I was a career changer, moving from journalism to teaching. I found my passion for English, my chosen teaching subject, later in life. My bachelor's degree is in psychology; not all that related to my subject but beneficial for teaching in general.
After my degree, I studied for a postgraduate diploma in magazine journalism and felt that this qualification, along with my experience as a journalist, would stand me in good stead when I was applying for teacher training. But I found myself up against a number of people with relevant degrees and more teaching experience. I felt that I had no hope given the competition. Financial and time constraints meant that studying for a further degree was not possible.
There was no "in" for me: potential employers saw my lack of qualifications and disregarded my applications, regardless of experience, enthusiasm and self-taught subject knowledge. The application forms were heavily concerned with original bachelor's and master's degrees, so I could not highlight the merits of my postgraduate study as much as I would have liked.

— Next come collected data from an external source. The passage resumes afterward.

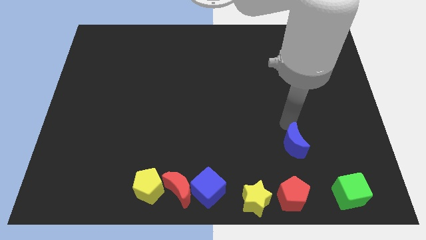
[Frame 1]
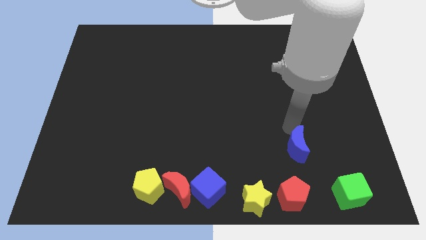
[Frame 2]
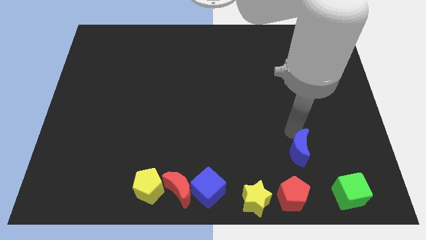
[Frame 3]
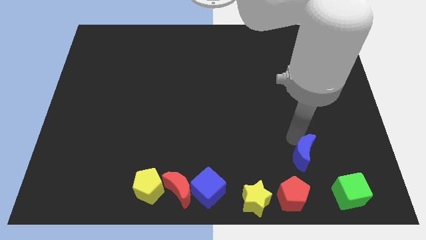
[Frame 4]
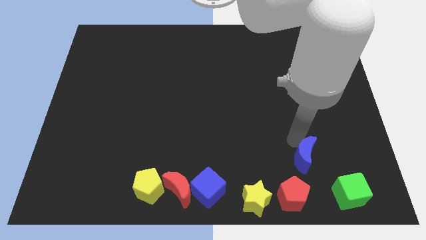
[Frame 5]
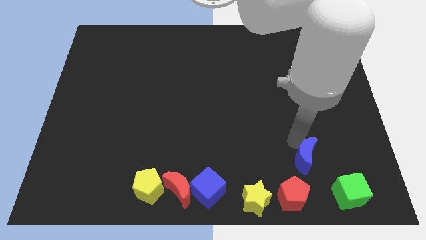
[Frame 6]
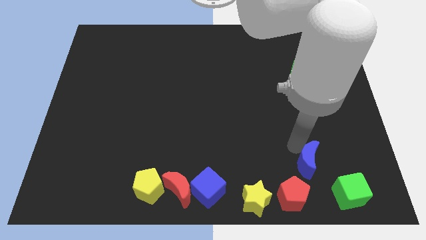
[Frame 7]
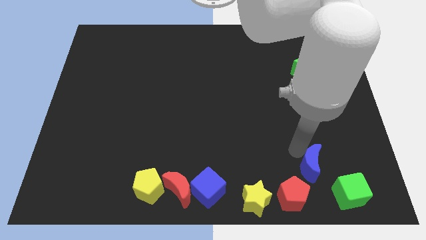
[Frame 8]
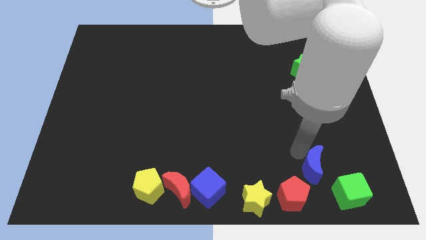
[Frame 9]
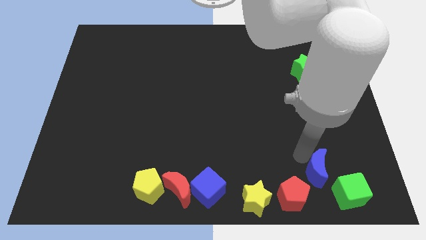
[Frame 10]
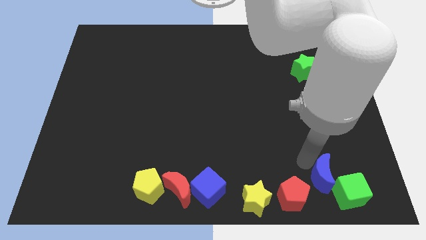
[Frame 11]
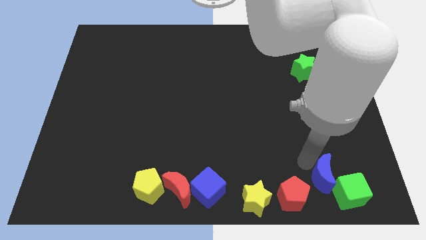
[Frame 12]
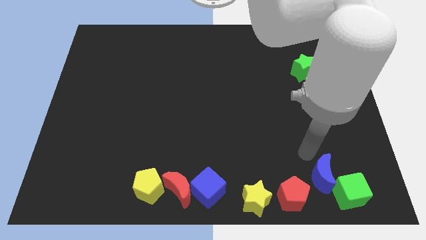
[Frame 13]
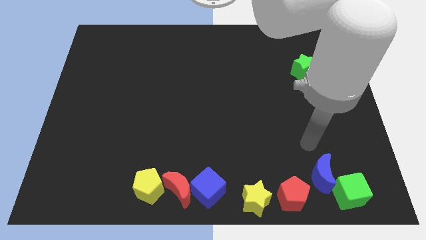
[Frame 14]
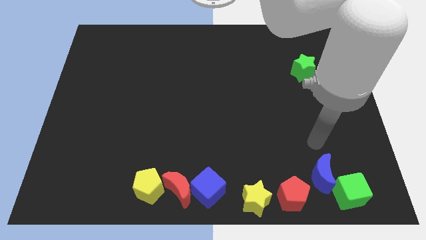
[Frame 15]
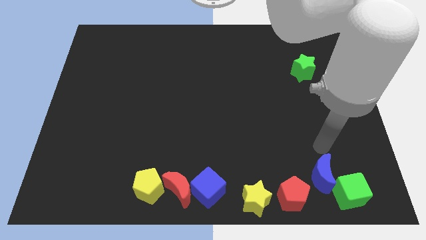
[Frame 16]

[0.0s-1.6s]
place the blue crescent close to green cube

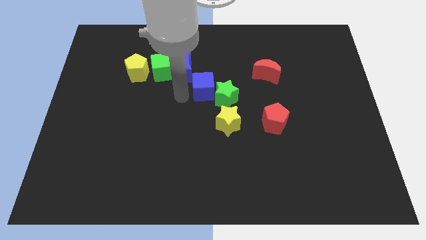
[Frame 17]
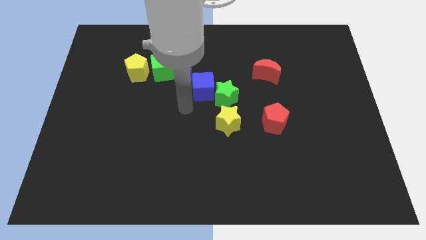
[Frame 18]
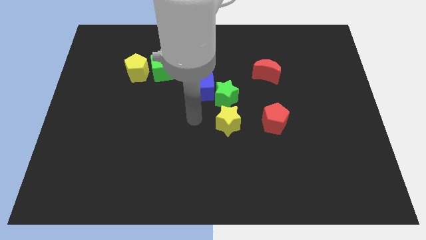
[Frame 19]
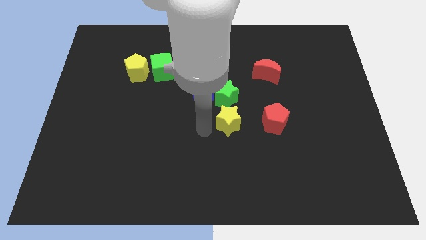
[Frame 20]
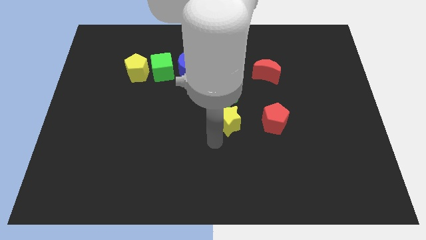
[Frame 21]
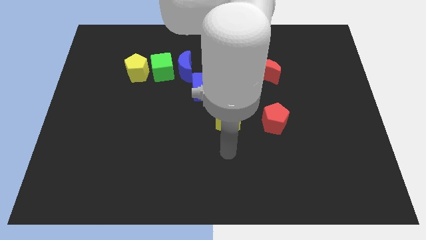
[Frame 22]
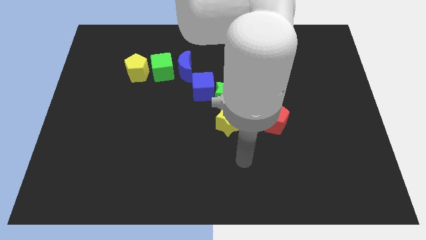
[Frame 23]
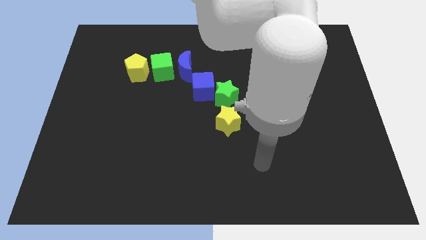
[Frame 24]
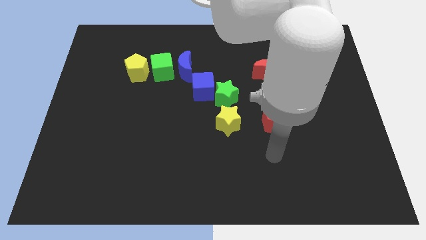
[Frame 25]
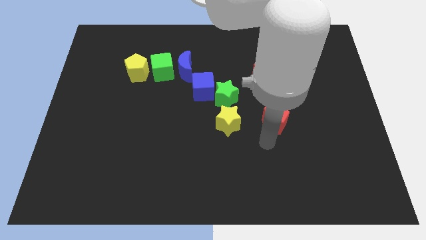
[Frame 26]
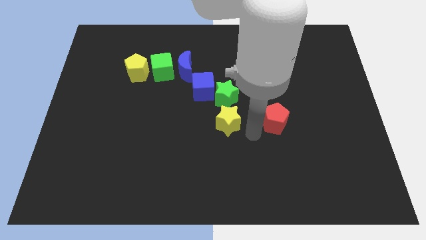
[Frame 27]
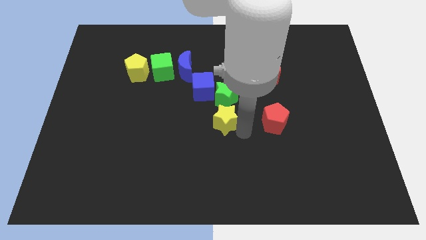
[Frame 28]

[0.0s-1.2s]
move your arm towards the bottom right of the yellow star

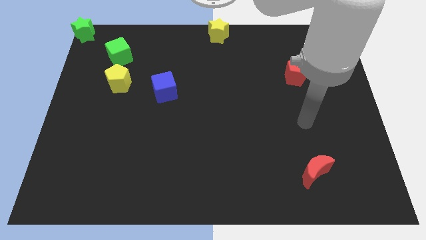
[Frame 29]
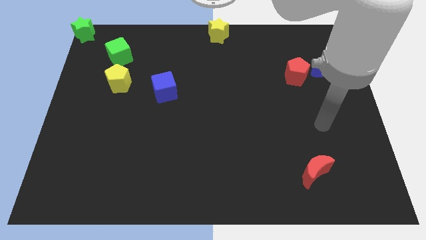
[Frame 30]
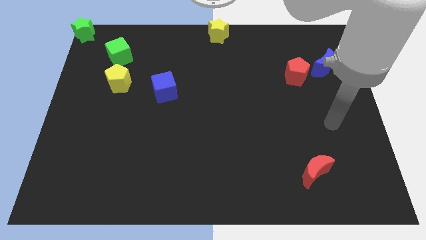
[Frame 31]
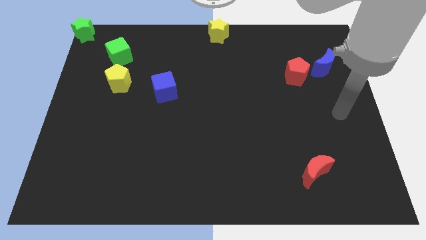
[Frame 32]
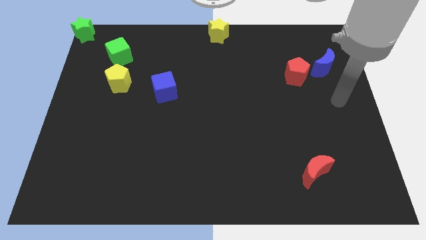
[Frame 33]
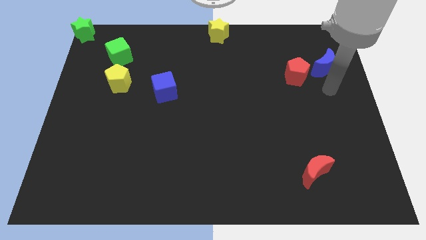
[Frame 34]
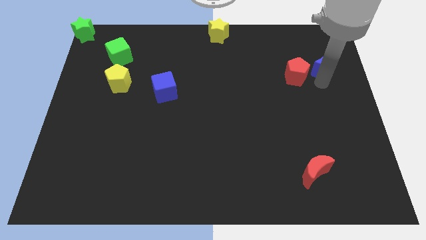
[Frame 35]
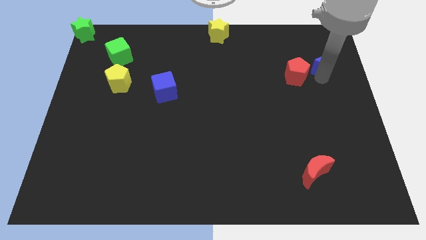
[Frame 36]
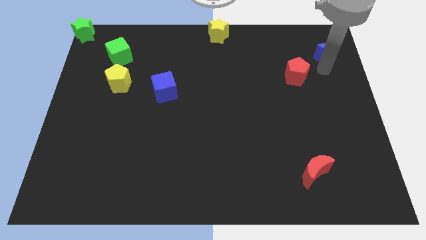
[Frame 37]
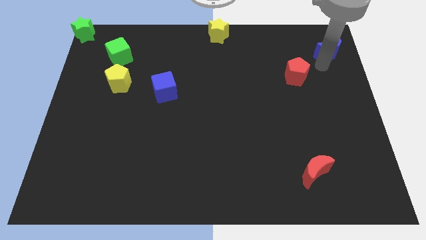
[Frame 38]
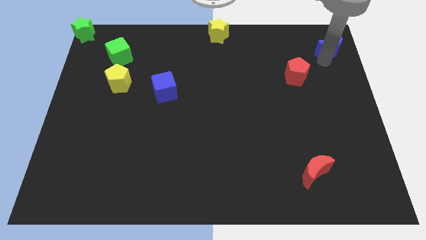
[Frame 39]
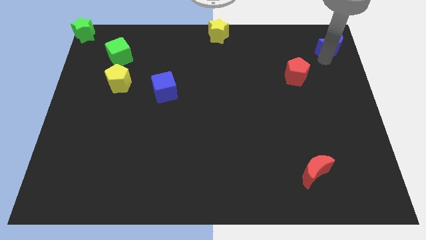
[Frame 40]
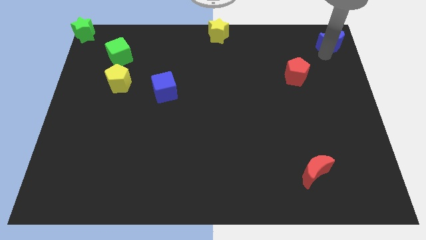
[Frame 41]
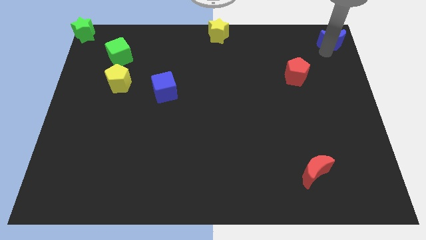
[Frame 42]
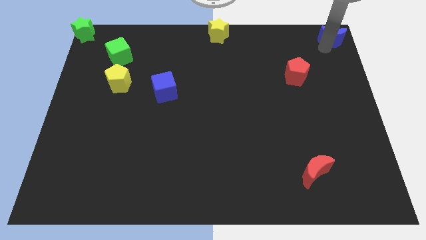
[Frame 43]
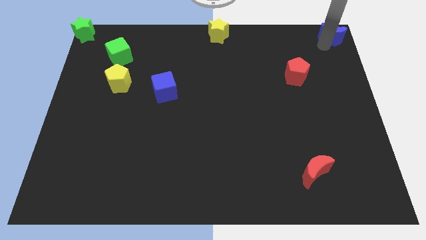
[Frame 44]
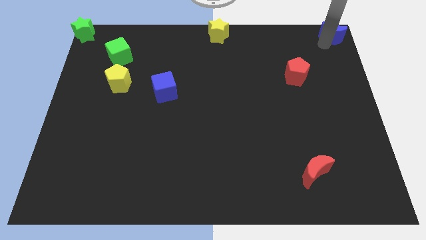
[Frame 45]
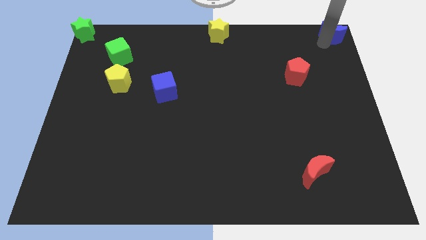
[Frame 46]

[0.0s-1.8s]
push the blue crescent towards the top right of the board

Determined to become a teacher, I quit my well-paid job in London and moved back in with my parents to work as a school-based English tutor in order to gain experience and bolster my application.
I decided to employ a business-world approach when it came to applying: I personally emailed the director of the course, explaining my concerns and attempting to counteract his. Meanwhile, I had approached the relevant members of staff at the school I worked at to gauge whether a training placement for English was available and whether they would consider having me as their trainee.
My eagerness paid off: I was given a chance to prove myself at interview.
My "dog with a bone" attitude worked. The employers and course leaders could see that although my subject knowledge needed enhancing, there was no denying I had enthusiasm and dedication. I was offered a placement at the school I worked at on condition that I attended a subject knowledge enhancement course prior to training, benefiting me as well as reassuring the training school that I had the basic knowledge required.
Sometimes the status quo needs to be challenged and the risk certainly paid off for me.